According to Test::More documentation, it will exit with certain exit codes depending on the out come of your tests. My question is, how do I check these exit codes?

ps. I am trying to build a harness myself. Is there a simple harness I can use?

ps2. Test::Harness did the trick for me. In particular execute_tests function. This function returns all the statistics I want. Thank you everyone who gave useful links.

+4  A: 

It's a process return code.

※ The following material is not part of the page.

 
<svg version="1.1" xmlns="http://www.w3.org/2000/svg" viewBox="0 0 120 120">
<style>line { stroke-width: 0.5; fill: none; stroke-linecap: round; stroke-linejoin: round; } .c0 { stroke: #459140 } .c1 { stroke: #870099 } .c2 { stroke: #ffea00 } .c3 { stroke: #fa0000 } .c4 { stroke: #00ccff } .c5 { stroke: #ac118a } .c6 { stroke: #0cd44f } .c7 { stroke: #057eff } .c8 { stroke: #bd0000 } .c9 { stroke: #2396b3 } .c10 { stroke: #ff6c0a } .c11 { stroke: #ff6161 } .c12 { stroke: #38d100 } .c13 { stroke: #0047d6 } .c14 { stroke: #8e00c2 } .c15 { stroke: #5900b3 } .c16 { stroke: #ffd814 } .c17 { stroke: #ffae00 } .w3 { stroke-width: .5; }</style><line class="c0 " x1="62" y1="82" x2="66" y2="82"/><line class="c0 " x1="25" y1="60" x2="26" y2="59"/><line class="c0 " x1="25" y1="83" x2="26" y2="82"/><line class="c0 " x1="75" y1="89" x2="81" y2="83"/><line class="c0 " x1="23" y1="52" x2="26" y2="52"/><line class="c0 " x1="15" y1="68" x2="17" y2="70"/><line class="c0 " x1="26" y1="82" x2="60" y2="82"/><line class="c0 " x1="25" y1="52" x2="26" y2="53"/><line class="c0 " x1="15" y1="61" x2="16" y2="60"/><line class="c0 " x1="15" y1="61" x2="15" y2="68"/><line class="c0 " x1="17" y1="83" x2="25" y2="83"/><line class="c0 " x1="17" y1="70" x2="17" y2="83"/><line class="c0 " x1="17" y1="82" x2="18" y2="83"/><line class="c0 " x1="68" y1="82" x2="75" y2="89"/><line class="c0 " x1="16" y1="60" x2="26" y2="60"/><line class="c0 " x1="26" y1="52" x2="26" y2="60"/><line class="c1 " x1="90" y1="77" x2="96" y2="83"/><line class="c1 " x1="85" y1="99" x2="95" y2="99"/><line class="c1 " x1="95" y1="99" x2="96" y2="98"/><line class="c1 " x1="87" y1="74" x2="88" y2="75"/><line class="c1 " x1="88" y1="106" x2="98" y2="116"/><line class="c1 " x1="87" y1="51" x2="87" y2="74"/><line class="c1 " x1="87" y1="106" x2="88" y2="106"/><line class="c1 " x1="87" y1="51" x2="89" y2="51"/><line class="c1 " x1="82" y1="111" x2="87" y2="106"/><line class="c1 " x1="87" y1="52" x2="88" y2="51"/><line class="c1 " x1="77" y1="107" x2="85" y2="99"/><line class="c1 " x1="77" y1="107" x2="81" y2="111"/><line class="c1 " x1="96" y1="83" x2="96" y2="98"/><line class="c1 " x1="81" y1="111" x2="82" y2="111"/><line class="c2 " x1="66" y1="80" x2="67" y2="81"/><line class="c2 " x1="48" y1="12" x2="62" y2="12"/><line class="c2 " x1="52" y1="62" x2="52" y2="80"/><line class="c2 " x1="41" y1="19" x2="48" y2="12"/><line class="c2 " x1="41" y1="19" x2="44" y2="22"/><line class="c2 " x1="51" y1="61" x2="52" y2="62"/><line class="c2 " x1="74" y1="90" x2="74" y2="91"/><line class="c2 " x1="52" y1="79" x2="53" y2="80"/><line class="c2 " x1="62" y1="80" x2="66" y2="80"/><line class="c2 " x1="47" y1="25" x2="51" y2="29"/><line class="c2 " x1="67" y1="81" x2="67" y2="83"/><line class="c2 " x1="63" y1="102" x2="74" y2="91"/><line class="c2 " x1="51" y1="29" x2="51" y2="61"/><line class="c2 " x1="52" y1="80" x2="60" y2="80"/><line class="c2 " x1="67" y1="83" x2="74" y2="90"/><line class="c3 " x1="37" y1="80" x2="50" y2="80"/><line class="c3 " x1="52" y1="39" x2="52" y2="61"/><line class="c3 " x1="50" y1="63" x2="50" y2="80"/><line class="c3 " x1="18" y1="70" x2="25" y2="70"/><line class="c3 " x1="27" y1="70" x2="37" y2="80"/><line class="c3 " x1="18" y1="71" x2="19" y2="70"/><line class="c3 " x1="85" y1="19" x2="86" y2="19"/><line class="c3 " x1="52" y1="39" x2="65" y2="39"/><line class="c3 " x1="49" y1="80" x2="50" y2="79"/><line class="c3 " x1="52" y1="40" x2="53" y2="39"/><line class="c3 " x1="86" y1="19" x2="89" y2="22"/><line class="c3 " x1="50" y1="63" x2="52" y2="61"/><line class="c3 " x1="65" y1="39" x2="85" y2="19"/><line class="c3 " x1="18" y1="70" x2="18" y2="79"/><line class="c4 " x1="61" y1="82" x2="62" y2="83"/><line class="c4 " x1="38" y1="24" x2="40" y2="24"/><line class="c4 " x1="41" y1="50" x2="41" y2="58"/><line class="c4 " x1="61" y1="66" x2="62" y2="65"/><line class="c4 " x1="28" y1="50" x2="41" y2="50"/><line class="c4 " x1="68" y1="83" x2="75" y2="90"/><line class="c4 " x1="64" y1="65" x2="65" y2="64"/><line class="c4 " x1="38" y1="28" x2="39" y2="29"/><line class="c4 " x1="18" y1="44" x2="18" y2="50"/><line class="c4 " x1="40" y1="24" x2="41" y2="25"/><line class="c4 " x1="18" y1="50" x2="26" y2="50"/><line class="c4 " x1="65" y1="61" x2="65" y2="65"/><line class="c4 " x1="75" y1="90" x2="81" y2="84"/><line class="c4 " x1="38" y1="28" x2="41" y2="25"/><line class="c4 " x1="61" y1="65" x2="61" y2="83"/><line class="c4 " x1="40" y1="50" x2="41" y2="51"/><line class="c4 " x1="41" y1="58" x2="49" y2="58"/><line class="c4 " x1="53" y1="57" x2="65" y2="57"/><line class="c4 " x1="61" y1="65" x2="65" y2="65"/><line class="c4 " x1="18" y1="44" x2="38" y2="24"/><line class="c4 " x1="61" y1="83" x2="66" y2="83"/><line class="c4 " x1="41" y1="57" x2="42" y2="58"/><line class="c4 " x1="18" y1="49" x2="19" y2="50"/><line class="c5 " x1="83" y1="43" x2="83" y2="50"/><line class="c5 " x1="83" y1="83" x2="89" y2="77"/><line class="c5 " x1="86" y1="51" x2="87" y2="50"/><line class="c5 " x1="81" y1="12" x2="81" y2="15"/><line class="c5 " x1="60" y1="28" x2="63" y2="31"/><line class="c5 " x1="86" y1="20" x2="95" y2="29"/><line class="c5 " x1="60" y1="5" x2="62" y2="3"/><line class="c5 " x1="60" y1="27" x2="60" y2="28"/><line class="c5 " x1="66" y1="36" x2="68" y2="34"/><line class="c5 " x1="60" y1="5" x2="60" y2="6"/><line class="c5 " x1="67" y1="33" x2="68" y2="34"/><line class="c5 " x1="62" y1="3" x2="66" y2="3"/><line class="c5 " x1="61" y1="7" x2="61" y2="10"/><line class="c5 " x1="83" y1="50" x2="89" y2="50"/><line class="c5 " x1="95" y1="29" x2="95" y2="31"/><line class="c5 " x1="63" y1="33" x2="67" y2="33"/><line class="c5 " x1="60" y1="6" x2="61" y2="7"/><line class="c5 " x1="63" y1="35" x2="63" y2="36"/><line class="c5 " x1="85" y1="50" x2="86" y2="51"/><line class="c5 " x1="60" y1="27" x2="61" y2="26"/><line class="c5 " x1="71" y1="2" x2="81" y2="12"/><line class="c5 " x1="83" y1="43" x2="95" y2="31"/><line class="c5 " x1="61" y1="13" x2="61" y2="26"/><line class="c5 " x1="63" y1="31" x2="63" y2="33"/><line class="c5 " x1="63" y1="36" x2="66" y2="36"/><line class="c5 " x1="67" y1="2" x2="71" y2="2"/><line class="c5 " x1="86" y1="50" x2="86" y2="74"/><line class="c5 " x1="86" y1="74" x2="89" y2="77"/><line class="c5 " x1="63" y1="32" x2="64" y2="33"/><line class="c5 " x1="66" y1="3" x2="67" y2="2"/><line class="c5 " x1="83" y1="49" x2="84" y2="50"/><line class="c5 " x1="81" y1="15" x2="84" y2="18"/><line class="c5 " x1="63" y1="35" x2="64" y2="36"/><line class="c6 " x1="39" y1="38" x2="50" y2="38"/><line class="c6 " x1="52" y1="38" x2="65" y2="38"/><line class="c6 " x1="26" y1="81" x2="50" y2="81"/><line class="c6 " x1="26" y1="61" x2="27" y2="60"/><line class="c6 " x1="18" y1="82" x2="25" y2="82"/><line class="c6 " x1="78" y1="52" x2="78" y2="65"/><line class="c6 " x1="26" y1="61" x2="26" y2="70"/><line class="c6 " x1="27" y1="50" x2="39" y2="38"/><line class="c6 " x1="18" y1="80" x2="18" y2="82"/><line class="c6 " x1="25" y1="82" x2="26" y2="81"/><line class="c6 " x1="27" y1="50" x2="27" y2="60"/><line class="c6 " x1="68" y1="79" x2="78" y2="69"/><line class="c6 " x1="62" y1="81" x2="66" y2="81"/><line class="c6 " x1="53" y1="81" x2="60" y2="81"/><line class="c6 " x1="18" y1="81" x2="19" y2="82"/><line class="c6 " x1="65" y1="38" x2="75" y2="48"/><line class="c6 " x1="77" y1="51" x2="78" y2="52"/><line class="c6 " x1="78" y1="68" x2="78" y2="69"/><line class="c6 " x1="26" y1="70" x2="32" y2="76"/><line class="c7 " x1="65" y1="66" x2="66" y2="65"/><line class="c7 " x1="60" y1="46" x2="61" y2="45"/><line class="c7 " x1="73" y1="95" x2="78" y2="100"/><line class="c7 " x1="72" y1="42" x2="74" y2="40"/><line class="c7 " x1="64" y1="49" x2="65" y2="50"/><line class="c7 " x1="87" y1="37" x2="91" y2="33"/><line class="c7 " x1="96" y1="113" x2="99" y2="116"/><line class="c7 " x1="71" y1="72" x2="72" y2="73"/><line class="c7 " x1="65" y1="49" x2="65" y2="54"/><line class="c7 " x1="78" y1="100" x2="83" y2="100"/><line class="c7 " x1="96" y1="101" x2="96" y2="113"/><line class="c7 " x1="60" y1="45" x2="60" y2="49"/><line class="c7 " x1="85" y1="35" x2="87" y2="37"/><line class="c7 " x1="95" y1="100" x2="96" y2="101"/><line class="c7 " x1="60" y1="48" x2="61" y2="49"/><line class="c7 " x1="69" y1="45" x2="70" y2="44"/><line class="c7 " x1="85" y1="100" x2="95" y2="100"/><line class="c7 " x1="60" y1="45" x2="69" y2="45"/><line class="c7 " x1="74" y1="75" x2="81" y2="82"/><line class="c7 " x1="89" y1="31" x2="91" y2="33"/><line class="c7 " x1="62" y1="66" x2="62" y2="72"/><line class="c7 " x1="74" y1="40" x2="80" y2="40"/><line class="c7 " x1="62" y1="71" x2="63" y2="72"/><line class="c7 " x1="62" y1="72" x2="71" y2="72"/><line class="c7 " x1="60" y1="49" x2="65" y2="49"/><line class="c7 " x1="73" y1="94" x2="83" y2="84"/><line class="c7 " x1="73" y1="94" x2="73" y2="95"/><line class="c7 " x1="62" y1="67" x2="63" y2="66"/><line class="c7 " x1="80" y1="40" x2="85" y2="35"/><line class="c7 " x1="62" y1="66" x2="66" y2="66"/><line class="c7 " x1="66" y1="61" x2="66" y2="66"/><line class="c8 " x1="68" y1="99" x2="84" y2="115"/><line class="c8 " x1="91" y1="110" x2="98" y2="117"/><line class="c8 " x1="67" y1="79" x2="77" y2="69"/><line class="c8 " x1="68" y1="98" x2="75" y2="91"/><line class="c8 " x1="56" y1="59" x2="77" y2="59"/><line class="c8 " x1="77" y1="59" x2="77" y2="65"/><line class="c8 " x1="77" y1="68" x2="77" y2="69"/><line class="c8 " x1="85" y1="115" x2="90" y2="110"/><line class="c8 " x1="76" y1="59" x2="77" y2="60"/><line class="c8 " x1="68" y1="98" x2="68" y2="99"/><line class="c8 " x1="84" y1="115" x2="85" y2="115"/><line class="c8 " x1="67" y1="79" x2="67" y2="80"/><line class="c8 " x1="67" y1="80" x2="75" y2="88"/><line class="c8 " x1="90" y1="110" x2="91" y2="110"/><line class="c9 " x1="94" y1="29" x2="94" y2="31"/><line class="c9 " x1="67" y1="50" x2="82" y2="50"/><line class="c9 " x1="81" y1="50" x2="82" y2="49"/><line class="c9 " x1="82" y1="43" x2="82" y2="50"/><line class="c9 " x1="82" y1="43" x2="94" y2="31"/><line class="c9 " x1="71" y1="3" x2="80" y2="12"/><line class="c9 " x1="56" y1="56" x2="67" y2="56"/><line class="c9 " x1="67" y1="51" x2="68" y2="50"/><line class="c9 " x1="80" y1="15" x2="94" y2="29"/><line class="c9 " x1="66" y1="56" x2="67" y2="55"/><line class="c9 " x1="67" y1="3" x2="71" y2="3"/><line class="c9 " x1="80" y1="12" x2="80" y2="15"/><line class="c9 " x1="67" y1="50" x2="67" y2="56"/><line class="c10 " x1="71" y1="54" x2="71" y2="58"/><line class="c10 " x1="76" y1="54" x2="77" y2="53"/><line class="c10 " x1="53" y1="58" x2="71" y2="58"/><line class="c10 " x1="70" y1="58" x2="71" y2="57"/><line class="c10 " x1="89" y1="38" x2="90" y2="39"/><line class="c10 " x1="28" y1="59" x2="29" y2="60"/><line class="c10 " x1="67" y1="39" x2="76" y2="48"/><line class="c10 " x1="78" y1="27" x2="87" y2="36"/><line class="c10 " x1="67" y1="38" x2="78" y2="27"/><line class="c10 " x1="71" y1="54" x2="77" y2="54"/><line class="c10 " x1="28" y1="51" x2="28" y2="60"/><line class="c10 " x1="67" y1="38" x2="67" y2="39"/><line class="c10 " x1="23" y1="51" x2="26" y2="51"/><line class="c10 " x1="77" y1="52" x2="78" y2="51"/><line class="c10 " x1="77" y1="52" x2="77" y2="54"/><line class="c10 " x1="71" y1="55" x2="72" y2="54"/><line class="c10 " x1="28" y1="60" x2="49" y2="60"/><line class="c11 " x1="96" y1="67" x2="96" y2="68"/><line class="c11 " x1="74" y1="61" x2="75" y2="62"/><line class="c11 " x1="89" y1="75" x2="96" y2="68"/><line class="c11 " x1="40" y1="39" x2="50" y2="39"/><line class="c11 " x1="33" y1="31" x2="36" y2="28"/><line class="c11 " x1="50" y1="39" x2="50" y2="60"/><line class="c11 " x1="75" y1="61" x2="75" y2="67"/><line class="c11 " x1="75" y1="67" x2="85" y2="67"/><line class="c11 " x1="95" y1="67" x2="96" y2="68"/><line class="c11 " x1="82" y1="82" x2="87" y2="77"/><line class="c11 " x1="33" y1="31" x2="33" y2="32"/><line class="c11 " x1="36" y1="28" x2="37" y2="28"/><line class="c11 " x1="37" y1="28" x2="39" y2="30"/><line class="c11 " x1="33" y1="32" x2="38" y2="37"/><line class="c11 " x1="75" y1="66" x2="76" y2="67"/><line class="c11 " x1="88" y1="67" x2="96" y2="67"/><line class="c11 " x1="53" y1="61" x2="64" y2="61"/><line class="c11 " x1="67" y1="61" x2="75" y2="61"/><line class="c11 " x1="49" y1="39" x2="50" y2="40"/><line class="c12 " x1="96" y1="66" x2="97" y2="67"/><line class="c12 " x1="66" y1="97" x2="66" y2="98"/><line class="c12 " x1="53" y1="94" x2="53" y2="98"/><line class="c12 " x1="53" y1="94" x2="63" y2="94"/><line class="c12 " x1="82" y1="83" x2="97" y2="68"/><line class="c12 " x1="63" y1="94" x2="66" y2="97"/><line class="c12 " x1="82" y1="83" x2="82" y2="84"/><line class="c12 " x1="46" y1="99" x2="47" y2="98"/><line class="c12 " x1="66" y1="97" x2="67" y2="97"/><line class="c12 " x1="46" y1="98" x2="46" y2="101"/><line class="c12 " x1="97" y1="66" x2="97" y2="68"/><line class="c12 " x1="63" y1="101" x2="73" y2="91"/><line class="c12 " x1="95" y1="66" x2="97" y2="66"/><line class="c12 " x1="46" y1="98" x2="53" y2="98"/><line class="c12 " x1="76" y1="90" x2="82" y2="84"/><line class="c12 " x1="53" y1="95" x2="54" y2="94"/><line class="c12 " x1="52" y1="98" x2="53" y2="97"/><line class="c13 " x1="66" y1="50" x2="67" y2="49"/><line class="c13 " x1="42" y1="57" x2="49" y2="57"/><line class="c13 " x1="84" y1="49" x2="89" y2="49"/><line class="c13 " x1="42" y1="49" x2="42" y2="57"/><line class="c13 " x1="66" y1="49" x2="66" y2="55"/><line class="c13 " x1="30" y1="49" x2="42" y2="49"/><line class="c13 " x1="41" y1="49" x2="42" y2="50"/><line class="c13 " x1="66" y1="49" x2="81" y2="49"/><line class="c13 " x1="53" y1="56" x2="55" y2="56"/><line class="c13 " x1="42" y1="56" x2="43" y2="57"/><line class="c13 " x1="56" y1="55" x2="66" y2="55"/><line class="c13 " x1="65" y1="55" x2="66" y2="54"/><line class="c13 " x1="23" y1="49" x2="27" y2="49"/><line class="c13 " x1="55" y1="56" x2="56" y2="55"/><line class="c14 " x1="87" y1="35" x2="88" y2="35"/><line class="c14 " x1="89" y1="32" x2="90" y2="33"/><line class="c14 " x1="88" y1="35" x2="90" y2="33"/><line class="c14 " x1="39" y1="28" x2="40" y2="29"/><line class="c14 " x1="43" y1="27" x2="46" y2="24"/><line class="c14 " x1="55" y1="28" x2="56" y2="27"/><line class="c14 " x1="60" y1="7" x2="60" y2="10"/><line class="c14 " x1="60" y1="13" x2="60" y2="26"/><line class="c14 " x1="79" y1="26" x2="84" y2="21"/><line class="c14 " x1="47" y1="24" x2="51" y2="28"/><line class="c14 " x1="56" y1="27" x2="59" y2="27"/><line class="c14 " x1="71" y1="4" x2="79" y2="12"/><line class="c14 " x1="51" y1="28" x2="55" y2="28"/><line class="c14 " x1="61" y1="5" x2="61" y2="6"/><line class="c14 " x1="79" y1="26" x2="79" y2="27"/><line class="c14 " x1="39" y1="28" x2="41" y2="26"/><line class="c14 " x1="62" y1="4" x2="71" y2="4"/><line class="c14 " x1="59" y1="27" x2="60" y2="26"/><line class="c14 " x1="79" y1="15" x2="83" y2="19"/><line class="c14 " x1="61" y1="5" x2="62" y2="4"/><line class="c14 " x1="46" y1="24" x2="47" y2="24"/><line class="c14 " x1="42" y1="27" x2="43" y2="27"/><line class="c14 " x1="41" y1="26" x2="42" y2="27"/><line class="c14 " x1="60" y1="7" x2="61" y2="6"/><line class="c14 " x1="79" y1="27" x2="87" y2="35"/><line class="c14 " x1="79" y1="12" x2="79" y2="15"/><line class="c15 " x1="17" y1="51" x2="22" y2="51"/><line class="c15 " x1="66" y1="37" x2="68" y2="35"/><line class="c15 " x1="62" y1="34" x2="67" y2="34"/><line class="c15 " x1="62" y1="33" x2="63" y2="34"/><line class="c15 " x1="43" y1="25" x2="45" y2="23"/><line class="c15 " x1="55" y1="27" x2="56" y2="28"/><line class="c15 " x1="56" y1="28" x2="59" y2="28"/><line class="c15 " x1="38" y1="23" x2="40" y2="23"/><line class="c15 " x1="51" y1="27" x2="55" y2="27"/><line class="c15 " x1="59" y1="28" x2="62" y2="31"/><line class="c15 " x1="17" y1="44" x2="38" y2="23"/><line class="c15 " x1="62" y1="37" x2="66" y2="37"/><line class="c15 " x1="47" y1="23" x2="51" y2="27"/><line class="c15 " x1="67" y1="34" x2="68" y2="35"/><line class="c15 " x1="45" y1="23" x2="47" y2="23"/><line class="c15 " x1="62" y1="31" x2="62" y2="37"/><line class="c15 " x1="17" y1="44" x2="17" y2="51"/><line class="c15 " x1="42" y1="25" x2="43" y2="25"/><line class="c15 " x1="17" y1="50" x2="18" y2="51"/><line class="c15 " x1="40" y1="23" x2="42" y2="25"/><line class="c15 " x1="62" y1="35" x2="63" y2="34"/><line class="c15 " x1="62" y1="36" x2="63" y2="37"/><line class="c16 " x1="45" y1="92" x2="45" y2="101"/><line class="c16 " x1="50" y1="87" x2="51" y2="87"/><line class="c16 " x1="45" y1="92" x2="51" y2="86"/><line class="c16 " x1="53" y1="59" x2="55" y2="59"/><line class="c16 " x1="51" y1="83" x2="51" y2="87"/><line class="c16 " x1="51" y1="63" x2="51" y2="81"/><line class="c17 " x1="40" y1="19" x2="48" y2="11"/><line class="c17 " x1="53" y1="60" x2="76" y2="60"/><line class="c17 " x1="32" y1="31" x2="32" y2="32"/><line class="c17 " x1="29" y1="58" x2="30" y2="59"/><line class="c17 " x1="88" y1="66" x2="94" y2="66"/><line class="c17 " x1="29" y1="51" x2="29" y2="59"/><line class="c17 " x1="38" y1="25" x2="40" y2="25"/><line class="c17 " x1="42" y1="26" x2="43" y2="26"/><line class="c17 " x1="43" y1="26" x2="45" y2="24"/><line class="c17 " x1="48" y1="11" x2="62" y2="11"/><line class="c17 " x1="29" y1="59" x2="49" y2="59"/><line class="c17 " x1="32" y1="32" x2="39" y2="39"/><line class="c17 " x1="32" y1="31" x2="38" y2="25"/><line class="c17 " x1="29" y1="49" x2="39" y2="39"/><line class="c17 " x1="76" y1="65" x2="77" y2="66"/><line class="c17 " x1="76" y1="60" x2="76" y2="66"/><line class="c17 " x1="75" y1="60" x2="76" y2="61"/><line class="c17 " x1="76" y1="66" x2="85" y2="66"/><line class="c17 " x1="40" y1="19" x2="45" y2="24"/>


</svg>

If running under some Unix variant's shell, you can usually retrieve it as $?. (which probably makes your question more about bash than perl)

Common idioms:

perl your_file.t
if [[ $? -gt 10 ]]; then
  echo "Wow, that's a lot of failures"
elif [[ $? -gt 0 ]]; then
  echo "Tests failed"
else
  echo "Success!"
fi

Alternately, if you're only interested in success/failure:

perl your_file.t || echo "Something bad happened."
JB
+7  A: 

Any decent harness program (such as prove) will do that for you, there is absolutely no reason for you to do that yourself.

Leon Timmermans
Actually I am building a harness myself. I'll give prove a try and see. Thanks.
Thushan
+1  A: 

If you're calling your test program from Perl, then the hard (and traditional) way involves doing dark and horrid bit-shifts to $?. You can read about that in the system function documentation if you really want to see how to do it.

The nice way involves using a module which gives you a system style function that processes return values for you:

use IPC::System::Simple qw(systemx EXIT_ANY);

my $exit_value = systemx( EXIT_ANY, 'mytest.t' );

The EXIT_ANY symbol allows your script to return any exit value, which we can then capture. If you just want to make sure that your scripts are passing (ie, returning a zero exit status), and halt as soon as any fail, that's IPC::System::Simple's default behaviour:

use IPC::System::Simple qw(systemx);

systemx( 'mytest.t' );  # Run this command successfully or die.

In all the above examples, you can ask for a replacement system command rather than systemx if you're happy for the possibility of the shell getting involved. See the IPC::System::Simple documentation for more details.

There are other modules that may allow you to easily run a command and capture its exit value. TIMTOWTDI.

Having said that, all the good harnesses should check return values for you, so it's only if you're writing our own testing testers that you should need to look at this yourself.

All the best,

Paul

Disclosure: I wrote IPC::System::Simple, and so may have some positive bias toward it.